Not sure if you want a v10, or if you're satisfied with the above
comments and will just fix up the nits on merging?

-Toke
Johannes Berg Sept. 30, 2016, 12:43 p.m. UTC | #3
> Because I need to run it anyway for the xmit_fast path on dequeue. I
> thought doing it this way simplifies the code (at the cost of the
> handler getting called twice when xmit_fast is not active).

Ok, that's fair.

> > I *think* it should commute with the rate control handler, but even
> > so, wouldn't it make more sense to have rate control late? Assuming
> > the packets are queued for some amount of time, having rate control
> > information queued with them would get stale.
> 
> Yes, having rate control run at dequeue would be good, and that's
> what I did initially. However, I found that this would lead to a
> deadlock because the rate control handler would send out packets in
> some cases (I forget the details but can go back and check if
> needed). And since the dequeue function is called with the driver TXQ
> lock held, that would lead to a deadlock when those packets made it
> to the driver TX path.

That seems really odd, but I can see how a deadlock happens then.

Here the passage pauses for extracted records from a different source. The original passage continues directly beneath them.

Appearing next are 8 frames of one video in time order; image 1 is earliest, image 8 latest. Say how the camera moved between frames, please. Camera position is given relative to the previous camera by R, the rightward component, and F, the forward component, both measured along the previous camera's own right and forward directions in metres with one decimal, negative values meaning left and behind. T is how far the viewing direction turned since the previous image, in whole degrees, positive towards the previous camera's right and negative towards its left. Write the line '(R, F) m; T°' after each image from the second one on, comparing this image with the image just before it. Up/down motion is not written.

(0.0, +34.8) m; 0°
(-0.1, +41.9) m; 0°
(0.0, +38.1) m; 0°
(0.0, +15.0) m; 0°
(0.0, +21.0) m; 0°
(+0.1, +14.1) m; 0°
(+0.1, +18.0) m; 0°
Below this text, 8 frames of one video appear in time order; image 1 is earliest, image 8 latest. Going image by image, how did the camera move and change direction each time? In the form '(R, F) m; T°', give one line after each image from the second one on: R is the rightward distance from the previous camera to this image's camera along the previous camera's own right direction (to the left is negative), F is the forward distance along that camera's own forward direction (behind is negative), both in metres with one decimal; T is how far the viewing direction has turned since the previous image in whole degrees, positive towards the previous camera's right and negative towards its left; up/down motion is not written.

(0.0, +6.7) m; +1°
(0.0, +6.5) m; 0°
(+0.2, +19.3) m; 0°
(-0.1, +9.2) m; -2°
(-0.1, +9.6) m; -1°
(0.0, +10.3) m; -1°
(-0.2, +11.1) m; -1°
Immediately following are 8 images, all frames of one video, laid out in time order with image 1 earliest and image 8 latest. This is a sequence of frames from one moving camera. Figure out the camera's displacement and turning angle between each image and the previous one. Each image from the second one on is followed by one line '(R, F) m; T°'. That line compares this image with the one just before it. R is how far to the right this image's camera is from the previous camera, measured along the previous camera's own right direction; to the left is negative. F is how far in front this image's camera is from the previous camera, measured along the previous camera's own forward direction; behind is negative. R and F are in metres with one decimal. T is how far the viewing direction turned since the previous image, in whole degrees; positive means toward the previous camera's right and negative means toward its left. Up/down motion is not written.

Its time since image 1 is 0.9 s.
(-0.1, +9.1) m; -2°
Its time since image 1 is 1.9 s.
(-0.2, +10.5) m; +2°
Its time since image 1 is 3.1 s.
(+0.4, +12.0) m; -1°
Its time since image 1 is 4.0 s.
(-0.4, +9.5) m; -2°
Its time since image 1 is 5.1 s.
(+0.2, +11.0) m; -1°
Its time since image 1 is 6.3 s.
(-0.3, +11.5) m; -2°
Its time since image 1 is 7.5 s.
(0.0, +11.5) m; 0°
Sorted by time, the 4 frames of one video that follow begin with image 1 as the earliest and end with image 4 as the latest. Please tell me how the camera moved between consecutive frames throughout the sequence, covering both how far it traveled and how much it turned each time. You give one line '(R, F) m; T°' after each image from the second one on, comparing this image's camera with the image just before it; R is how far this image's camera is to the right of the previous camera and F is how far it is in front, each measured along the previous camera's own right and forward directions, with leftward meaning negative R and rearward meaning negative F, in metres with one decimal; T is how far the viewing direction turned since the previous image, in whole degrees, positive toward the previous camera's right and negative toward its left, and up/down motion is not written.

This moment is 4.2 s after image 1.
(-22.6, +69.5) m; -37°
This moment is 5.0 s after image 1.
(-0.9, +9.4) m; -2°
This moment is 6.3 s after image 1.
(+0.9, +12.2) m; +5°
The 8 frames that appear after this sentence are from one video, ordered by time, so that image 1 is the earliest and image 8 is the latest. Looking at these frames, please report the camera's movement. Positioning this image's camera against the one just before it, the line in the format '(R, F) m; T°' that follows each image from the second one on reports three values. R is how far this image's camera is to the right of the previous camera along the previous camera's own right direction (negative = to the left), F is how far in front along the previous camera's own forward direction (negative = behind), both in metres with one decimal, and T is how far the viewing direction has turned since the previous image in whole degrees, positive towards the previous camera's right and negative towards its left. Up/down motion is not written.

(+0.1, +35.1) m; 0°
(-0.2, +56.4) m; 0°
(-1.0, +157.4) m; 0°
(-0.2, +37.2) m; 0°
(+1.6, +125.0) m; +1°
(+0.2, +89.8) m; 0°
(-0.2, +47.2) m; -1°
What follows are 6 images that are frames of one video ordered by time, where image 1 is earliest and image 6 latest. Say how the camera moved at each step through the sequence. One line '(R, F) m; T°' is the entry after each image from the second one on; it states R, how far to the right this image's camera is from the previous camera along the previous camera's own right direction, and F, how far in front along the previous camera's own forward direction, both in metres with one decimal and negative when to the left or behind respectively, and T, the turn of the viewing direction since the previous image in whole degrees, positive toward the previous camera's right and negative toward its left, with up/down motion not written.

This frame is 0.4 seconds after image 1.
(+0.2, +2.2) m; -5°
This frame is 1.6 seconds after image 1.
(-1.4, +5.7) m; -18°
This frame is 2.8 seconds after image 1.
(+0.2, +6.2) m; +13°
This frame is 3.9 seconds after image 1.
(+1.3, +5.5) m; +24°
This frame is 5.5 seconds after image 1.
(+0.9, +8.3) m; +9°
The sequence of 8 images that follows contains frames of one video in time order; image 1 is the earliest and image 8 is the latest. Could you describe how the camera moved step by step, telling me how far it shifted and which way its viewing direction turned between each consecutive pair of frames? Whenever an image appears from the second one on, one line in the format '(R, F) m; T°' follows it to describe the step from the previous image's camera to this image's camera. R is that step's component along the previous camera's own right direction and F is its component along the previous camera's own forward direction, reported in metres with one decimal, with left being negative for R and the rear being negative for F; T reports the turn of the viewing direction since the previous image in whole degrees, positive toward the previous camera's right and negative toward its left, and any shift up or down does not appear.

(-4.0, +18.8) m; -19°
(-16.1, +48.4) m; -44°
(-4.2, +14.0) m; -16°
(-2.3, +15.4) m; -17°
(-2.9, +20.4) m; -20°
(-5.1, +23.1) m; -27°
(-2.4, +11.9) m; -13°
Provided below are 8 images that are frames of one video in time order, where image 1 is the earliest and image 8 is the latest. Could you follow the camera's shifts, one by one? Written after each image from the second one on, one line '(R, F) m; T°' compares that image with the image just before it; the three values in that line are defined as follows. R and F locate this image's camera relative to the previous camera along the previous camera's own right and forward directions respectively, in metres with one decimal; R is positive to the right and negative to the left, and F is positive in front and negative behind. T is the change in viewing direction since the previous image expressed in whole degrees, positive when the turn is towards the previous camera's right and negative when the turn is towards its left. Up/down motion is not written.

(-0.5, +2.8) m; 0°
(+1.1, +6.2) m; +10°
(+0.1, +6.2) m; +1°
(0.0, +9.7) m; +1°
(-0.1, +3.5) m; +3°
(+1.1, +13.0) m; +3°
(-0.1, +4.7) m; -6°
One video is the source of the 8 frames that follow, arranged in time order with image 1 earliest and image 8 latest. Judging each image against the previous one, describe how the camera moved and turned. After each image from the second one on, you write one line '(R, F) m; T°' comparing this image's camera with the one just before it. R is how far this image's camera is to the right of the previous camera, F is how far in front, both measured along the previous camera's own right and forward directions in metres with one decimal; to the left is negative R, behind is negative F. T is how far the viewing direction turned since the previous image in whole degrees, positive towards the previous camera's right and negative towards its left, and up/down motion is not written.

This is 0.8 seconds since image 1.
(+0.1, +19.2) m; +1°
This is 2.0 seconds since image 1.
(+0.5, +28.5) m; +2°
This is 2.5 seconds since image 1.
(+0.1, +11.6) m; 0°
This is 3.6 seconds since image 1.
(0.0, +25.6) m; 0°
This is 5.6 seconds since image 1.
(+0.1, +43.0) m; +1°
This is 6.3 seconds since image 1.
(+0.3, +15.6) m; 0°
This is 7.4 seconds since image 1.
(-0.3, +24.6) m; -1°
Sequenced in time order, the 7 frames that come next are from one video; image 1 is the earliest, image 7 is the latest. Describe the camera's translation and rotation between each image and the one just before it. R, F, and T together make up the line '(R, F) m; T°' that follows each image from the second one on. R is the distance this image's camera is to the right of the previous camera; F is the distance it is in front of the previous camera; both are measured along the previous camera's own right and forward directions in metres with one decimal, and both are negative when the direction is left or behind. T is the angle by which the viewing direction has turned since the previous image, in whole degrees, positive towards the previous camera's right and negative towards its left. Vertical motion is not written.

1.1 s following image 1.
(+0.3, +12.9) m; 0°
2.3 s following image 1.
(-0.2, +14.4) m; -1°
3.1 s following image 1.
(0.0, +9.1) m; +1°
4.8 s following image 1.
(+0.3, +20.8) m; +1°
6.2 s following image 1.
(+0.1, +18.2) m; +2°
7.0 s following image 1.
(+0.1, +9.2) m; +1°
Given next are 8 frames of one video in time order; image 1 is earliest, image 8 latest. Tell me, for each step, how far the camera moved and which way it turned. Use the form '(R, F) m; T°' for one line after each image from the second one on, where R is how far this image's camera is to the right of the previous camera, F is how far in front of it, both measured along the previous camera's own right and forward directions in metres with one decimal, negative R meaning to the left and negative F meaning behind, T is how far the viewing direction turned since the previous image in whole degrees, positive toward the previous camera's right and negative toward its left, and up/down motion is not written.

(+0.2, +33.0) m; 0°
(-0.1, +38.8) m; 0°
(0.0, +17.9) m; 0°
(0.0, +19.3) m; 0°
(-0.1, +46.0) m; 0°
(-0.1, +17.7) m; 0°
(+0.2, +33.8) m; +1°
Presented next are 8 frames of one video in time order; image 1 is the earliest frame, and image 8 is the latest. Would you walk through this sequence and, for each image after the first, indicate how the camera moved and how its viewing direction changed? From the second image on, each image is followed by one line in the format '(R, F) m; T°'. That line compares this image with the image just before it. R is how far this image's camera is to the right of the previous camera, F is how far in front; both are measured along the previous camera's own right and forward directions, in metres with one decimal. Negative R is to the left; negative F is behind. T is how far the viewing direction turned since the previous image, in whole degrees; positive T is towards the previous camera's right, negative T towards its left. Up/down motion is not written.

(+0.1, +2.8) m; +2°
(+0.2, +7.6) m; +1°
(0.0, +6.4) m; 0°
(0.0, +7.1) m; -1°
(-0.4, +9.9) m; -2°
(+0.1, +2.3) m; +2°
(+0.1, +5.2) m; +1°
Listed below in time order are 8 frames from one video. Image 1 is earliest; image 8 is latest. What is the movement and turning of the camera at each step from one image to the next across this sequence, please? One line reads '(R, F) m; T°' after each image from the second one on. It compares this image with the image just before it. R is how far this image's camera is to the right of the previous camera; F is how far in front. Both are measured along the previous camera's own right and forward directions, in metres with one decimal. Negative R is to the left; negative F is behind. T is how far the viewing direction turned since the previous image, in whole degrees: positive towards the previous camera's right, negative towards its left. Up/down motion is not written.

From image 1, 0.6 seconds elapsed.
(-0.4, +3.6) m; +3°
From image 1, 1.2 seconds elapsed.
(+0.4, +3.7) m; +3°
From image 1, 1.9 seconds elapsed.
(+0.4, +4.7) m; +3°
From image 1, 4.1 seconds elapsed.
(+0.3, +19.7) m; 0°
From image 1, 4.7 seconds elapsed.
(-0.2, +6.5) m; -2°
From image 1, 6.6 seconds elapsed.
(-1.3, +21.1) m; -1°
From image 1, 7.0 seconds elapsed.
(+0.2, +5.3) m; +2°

> So I decided to just keep it this way for now; I plan to go poking
> into the rate controller later anyway, so moving the handler to later
> could be part of that.

Sure, that's fair.

> But that handler only sets a few flags? Is
> tx->sdata->control_port_protocol likely to change while the packet is
> queued?

Oh right, I confused things there. We check the controlled port much
earlier, but anyway that should be OK.

> > It's a bit unfortunate that you lose fast-xmit here completely for
> > the key stuff, but I don't see a good way to avoid that, other than
> > completely rejiggering all the (possibly affected) queues when keys
> > change... might be very complex to do that, certainly a follow-up
> > patch if it's desired.
> 
> Yeah, figured it was better to have something that's correct and then
> go back and change it if the performance hit turns out to be too
> high.

Makes sense.

> > This check seems a bit weird though - how could fast-xmit be set
> > without a TXQ station?
> 
> I think that is probably just left over from before I introduced the
> control flag. Should be fine to remove it.

Ok.

> > 
> > > 
> > > +++ b/net/mac80211/util.c
> > > @@ -3393,11 +3393,18 @@ void ieee80211_txq_get_depth(struct
> > > ieee80211_txq *txq,
> > >  			     unsigned long *byte_cnt)
> > >  {
> > >  	struct txq_info *txqi = to_txq_info(txq);
> > > +	u32 frag_cnt = 0, frag_bytes = 0;
> > > +	struct sk_buff *skb;
> > > +
> > > +	skb_queue_walk(&txqi->frags, skb) {
> > > +		frag_cnt++;
> > > +		frag_bytes += skb->len;
> > > +	}
> > 
> > I hope this is called infrequently :)
> 
> Well, ath10k is the only user. It does get called on each
> wake_tx_queue, though, so not that infrequently. My reasoning was
> that since the frags queue is never going to have more than a fairly
> small number of packets in it (those produced from a single split
> packet), counting this way is acceptable instead of keeping a state
> variable up to date. Can change it if you disagree :)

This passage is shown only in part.